As mentioned prior, scrap leather, repurposed pearls, plant-based fabrics (bamboo jersey/silk) are all sustainable materials I have used in my collection, as I wanted to minimise waste and show how creative you can be with materials that already exist.

What’s an aspect of the fashion industry that you’re passionate about fixing or having a positive impact on?

Noting on what I said earlier about the digital side of fashion, I am passionate to push this further into the industry, as it is a much more efficient way of pattern cutting and the waste that comes from prototypes can be reduced significantly this way. CLO is not the only software doing this, three years ago when I joined my course, I was learning on a different software; Lectra Modaris, which is nowhere near as advanced as CLO when it comes to virtual prototyping, which shows how much these programmes have advanced in only a few years. The great thing about AUB is that they were really on this before it became a necessity due to lockdown, so we were all prepared for our collections.

From doing a live project adapted into a digital brief, with a luxury British heritage brand in my second year, I got first-hand experience of how important this software is in the industry. Instead of sending samples across the globe, they can send an email attaching the file of the garments - being much more efficient and sustainable. I also learnt about many brands such as ATACAC who utilise their own pattern cutting method of kinetic pattern cutting and zero waste through CLO, to not only generate garments you can physically wear, but also sell their own patterns so you can make them at home.

This transparency within a brand makes them attractive from a consumer perspective and I think more brands should implement these digital aspects. Sustainability is such an important area of fashion and needs to be implemented into not just fabric sourcing but also the technical side of fashion and pattern cutting, to really make an impact, which is where I would love to make a career out of. I never would have seen myself as a digital pattern cutter from when I first started my degree, but through learning from specific tutors who specialise in technical support, I have come to realise how rewarding it is pattern cutting a garment with every detail considered and not a single, piece of paper was used.

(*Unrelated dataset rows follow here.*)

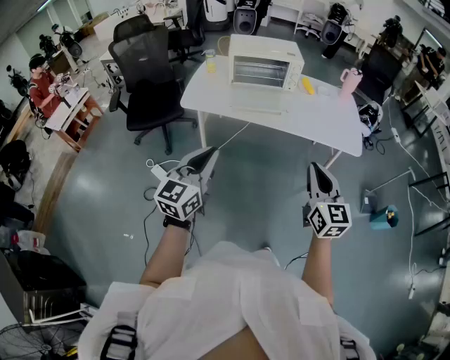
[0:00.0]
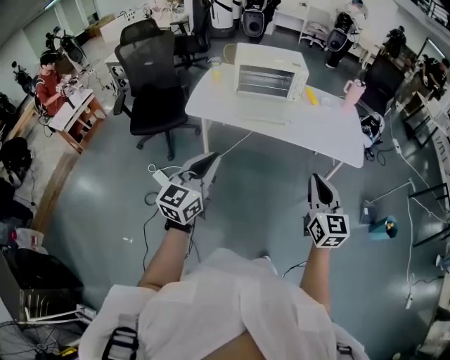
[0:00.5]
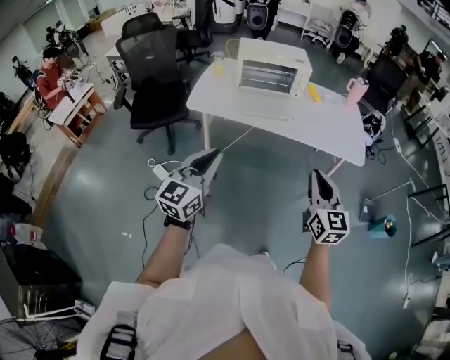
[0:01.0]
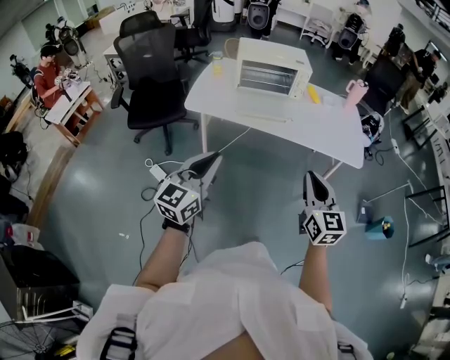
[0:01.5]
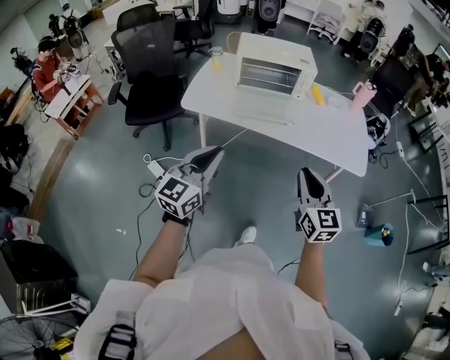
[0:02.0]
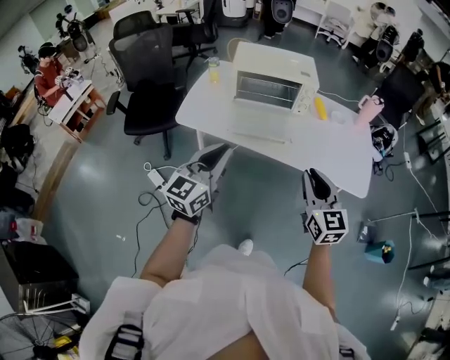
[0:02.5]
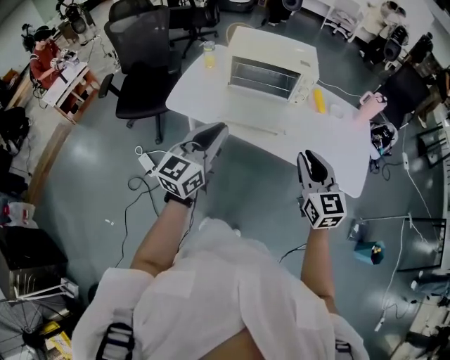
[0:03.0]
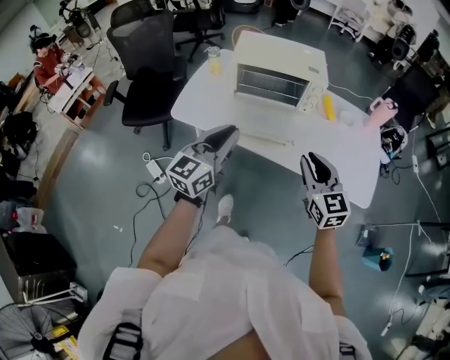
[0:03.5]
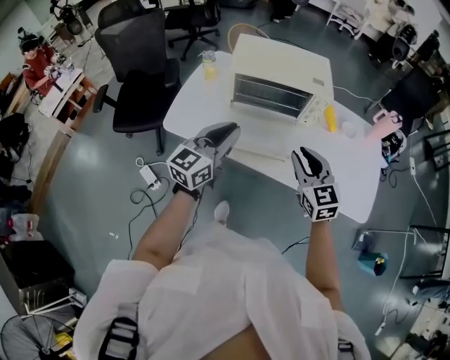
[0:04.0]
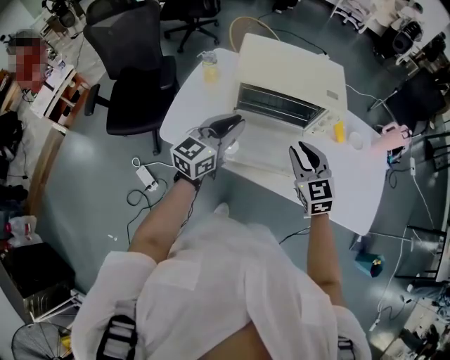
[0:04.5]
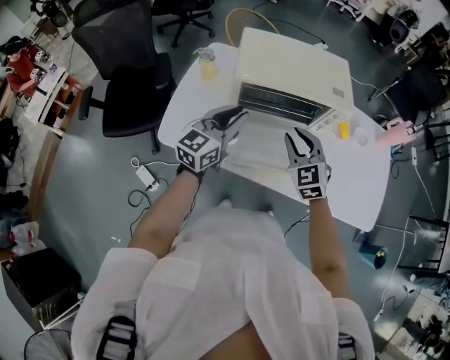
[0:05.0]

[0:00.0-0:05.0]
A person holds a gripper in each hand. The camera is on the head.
0:00.0 to 0:02.5: The grippers both shift forward by about 20 cm.
0:02.5 to 0:05.0: The two grippers go approximately 40 cm forward. The right gripper swivels roughly 30 degrees.

What is your plan once you finish your BA?

Firstly, I think it is important I give myself a well-deserved break (and even a holiday if travel is allowed), as these last few years at uni have been nonstop. I have learnt over the years how important it is to give yourself a break when needed, over Christmas, Easter etc, and it is hard to do so whilst not feeling guilty, so this is the one time I can take a break and finally relax. I also really want to make some clothes for myself as being 5ft means none of the clothes I make for uni fit me! From being a charity shop addict, I have a huge pile of table cloths and curtains that need an upcycle so that will be my project for the summer.

There are so many designs that I have seen and love, but I avoid buying into any fast fashion so by designing it on CLO and making it myself is much more sustainable and rewarding. In terms of work, I hope to move to London after graduating (and saving money), to work in the digital side of fashion, using CLO or any other similar software for a brand that is passionate about adapting to the ever-changing world. Alternatively, I also have an interest in staying in Bournemouth or home (Southampton) to work as a studio assistant for a year, as this will help my push my digital skills even further and give me the opportunity to learn new techniques and dabble in the teaching side.

There are a few job opportunities at home in retail management that are available to me and for the meantime, this is a great start to get into the industry whilst saving money. I also had an online shop in summer where I sold prints of my artwork so I would like to open that again and produce more works to put onto it.